# WHAT IS NEEDED
Here the job is to retype the data word for word while leaving the pictures aside.

# RAW DATA

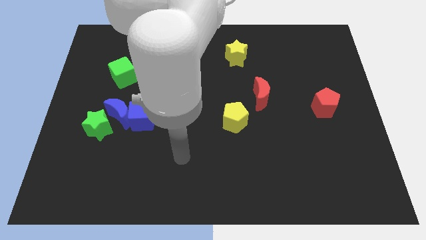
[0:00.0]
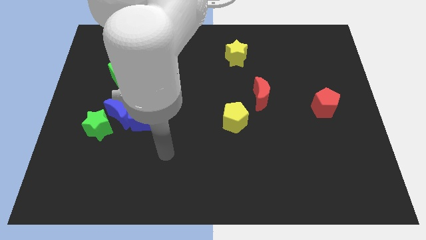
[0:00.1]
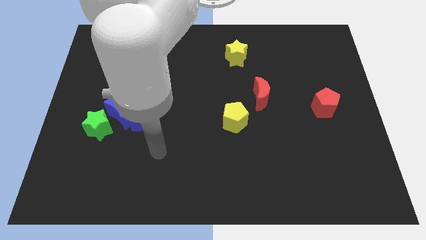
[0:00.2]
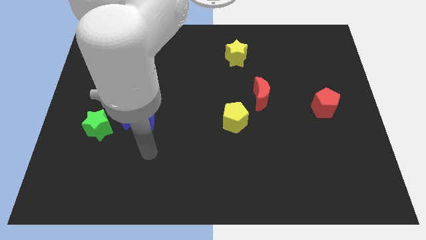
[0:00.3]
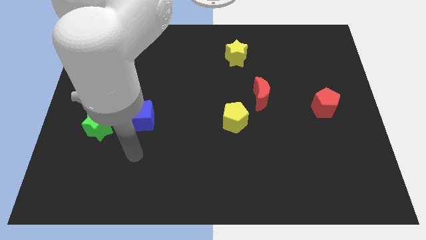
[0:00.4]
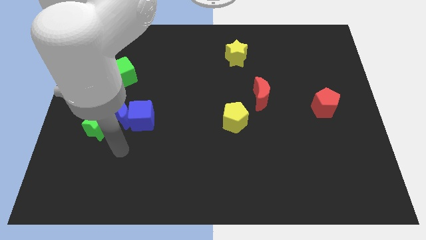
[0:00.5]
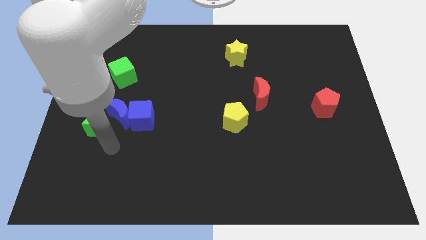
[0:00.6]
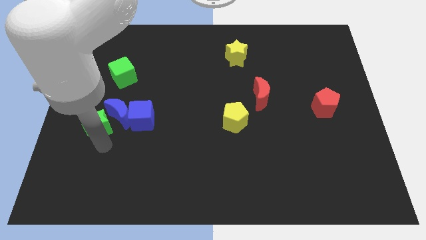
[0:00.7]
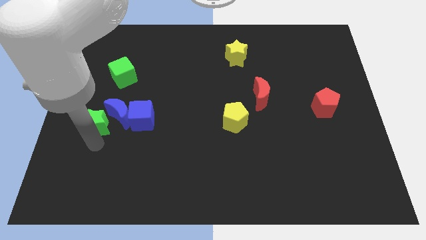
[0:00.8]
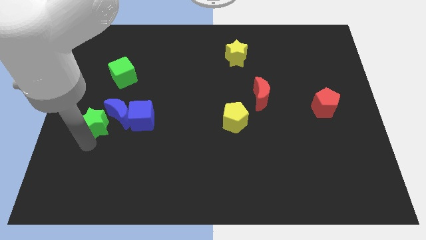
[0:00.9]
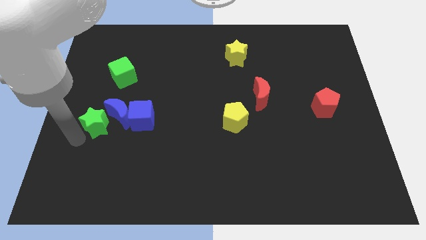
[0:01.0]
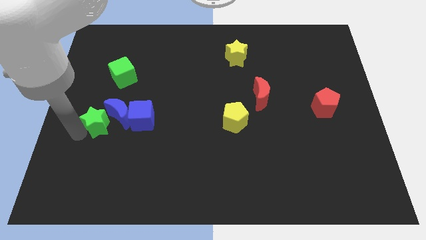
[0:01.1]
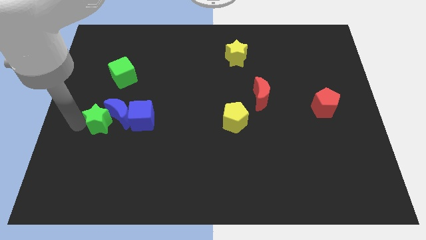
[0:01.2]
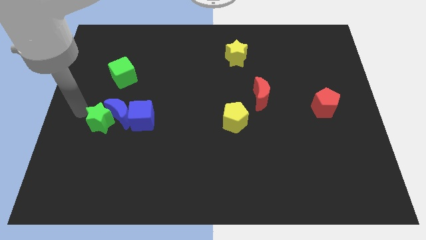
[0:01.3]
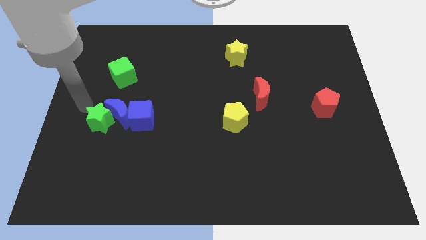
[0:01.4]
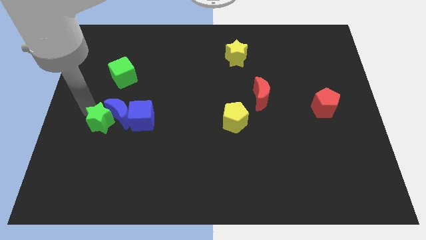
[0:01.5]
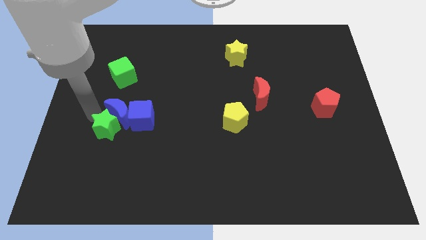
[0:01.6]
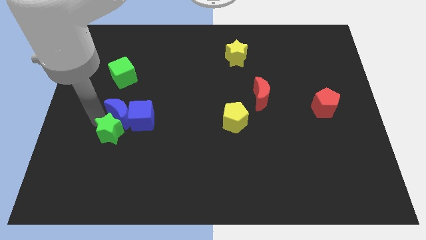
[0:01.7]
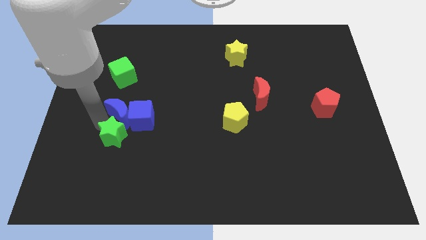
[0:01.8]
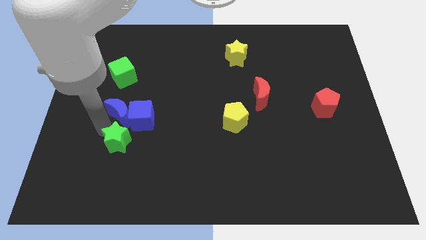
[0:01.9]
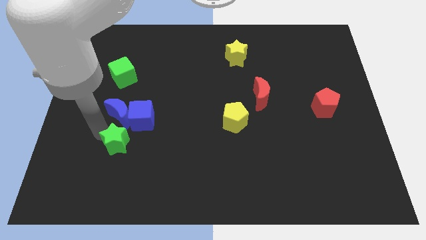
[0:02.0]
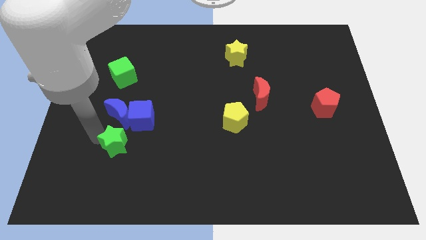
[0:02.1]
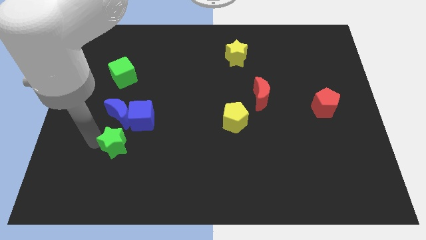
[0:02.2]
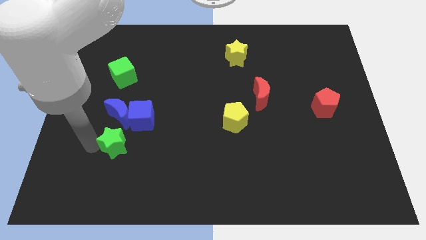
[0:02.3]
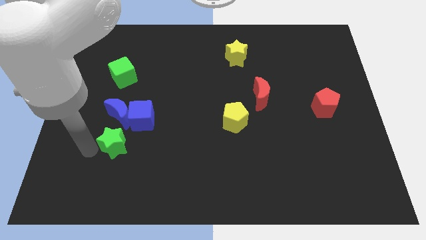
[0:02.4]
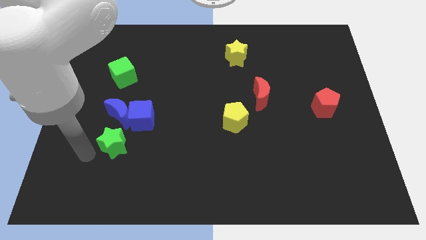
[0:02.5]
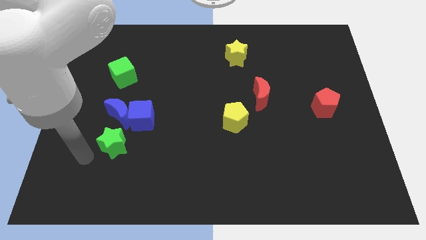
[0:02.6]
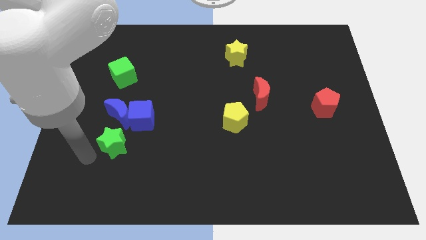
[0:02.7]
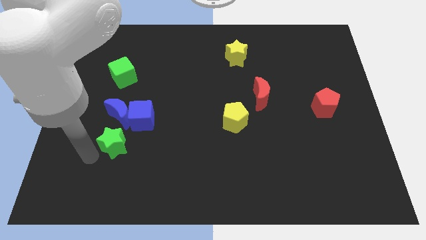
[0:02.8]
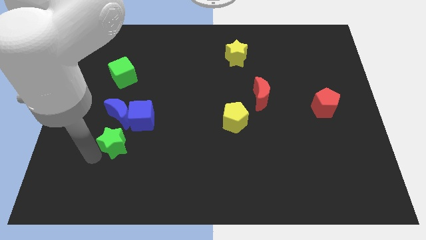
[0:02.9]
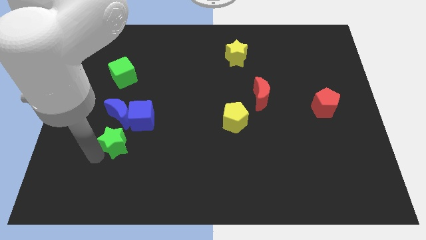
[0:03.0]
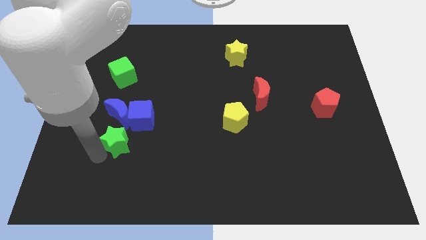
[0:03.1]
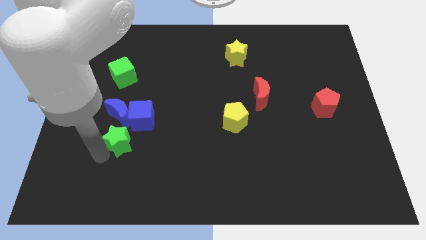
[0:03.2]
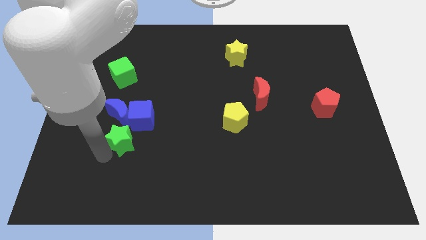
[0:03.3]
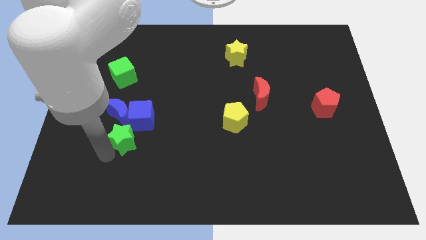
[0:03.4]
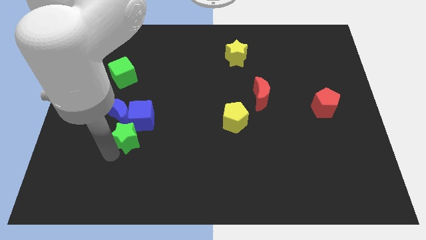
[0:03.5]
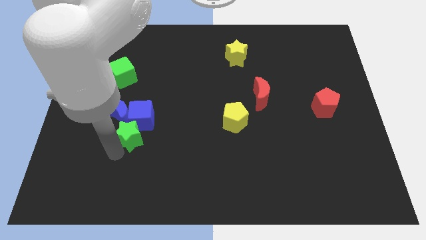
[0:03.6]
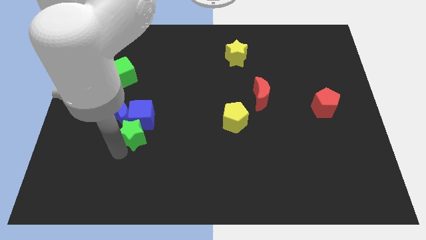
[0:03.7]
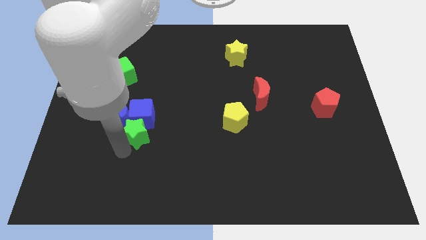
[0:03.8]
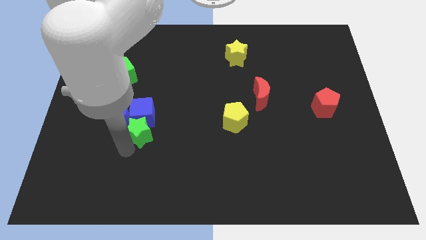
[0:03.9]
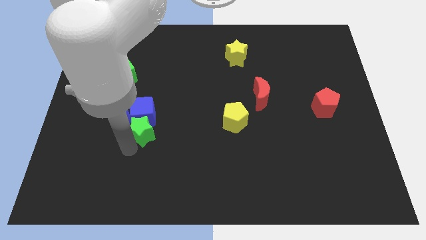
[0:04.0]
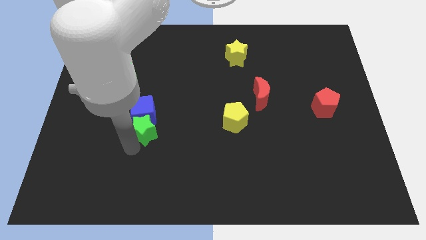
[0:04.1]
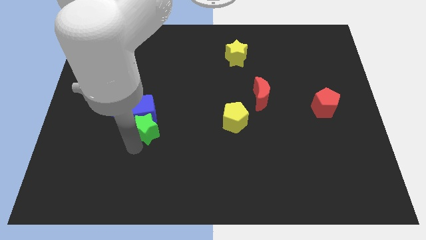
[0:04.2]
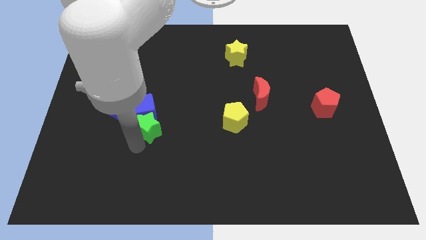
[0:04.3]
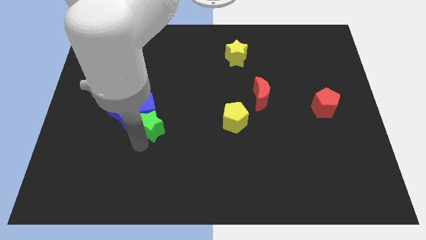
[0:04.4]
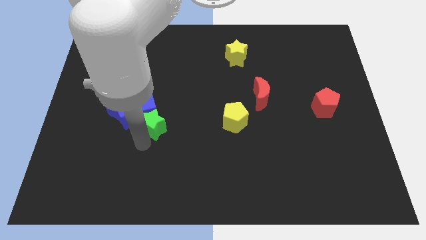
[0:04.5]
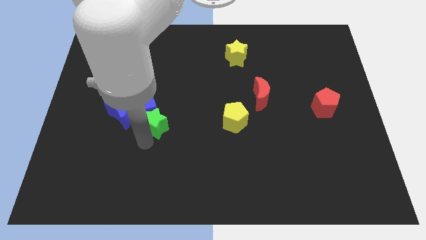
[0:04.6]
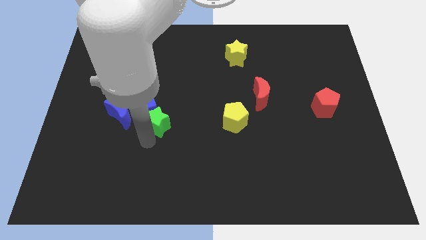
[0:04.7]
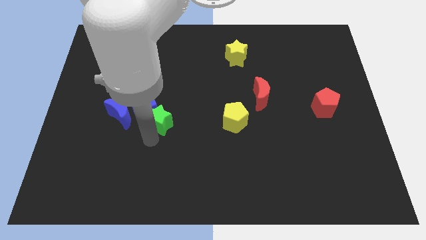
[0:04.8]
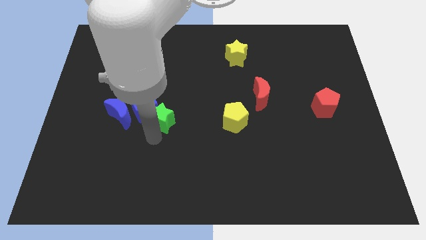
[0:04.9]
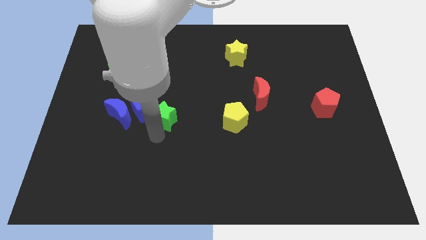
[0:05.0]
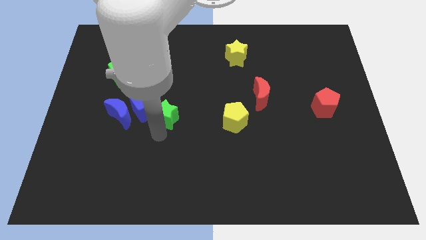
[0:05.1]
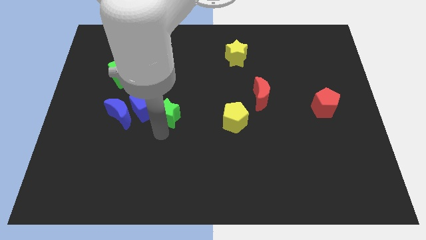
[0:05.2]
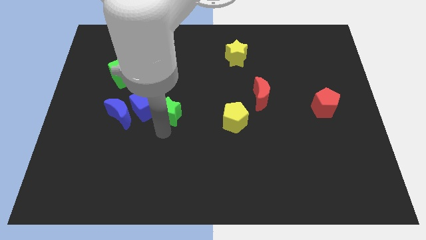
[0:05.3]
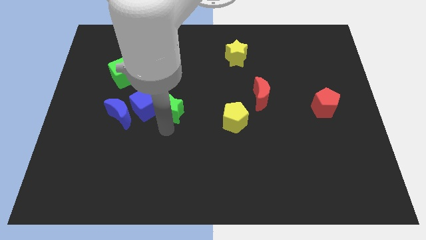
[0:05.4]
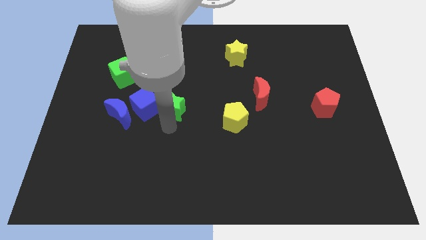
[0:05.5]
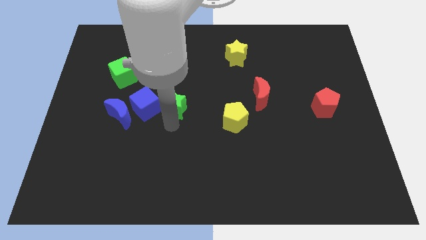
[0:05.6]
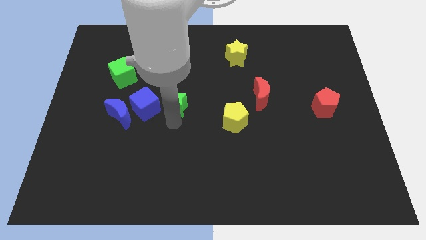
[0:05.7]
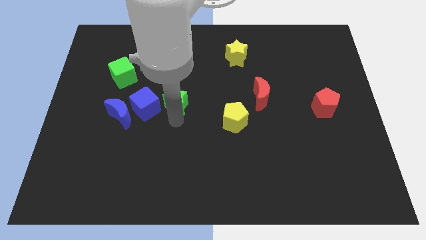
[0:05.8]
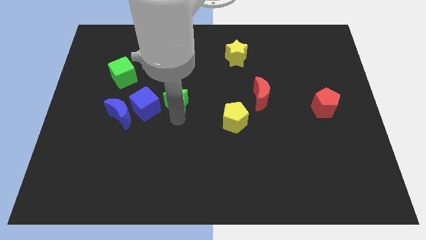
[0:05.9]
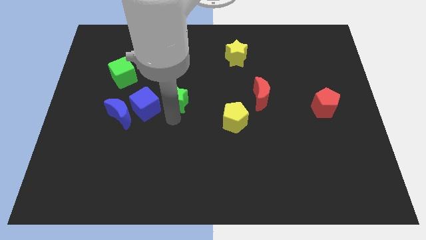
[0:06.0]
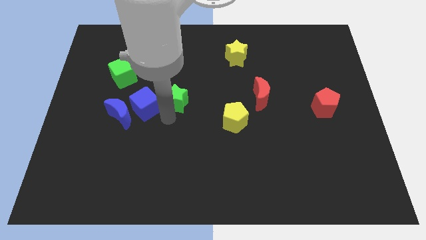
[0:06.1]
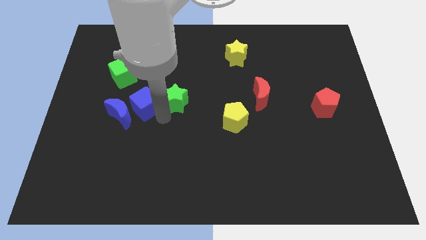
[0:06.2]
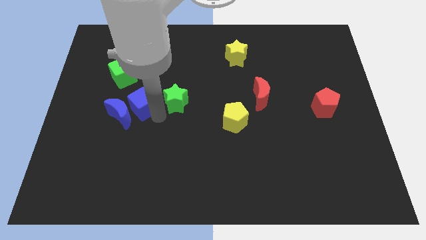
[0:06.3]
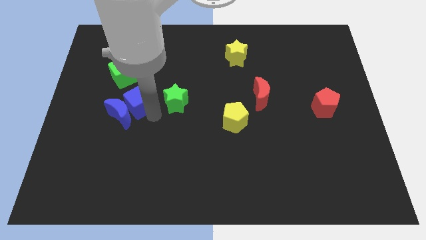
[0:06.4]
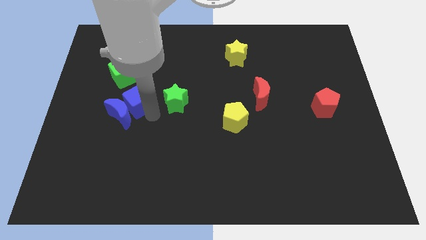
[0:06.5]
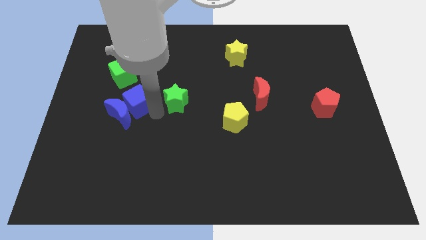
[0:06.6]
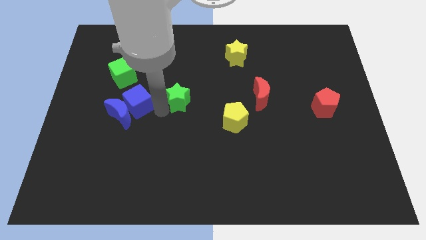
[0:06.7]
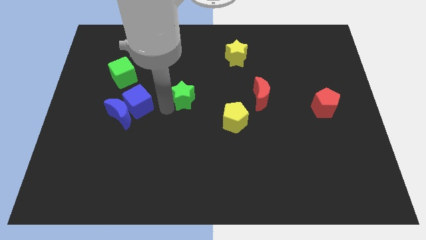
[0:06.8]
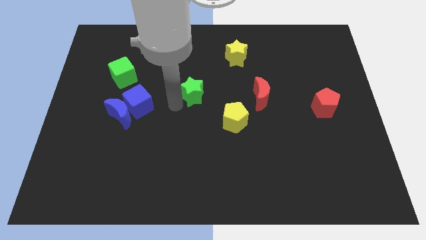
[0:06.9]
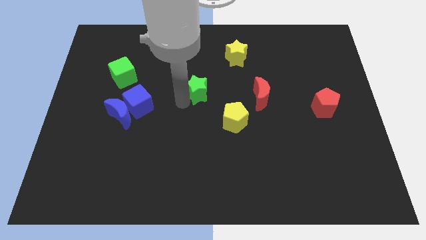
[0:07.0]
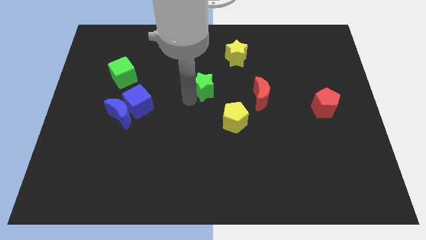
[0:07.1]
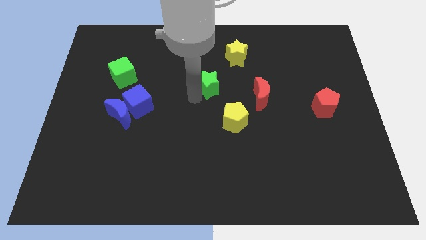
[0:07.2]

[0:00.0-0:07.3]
push the green star to the bottom left side of the yellow star

# EXERCISE ANSWER
[0:00.0]
[0:00.1]
[0:00.2]
[0:00.3]
[0:00.4]
[0:00.5]
[0:00.6]
[0:00.7]
[0:00.8]
[0:00.9]
[0:01.0]
[0:01.1]
[0:01.2]
[0:01.3]
[0:01.4]
[0:01.5]
[0:01.6]
[0:01.7]
[0:01.8]
[0:01.9]
[0:02.0]
[0:02.1]
[0:02.2]
[0:02.3]
[0:02.4]
[0:02.5]
[0:02.6]
[0:02.7]
[0:02.8]
[0:02.9]
[0:03.0]
[0:03.1]
[0:03.2]
[0:03.3]
[0:03.4]
[0:03.5]
[0:03.6]
[0:03.7]
[0:03.8]
[0:03.9]
[0:04.0]
[0:04.1]
[0:04.2]
[0:04.3]
[0:04.4]
[0:04.5]
[0:04.6]
[0:04.7]
[0:04.8]
[0:04.9]
[0:05.0]
[0:05.1]
[0:05.2]
[0:05.3]
[0:05.4]
[0:05.5]
[0:05.6]
[0:05.7]
[0:05.8]
[0:05.9]
[0:06.0]
[0:06.1]
[0:06.2]
[0:06.3]
[0:06.4]
[0:06.5]
[0:06.6]
[0:06.7]
[0:06.8]
[0:06.9]
[0:07.0]
[0:07.1]
[0:07.2]

[0:00.0-0:07.3]
push the green star to the bottom left side of the yellow star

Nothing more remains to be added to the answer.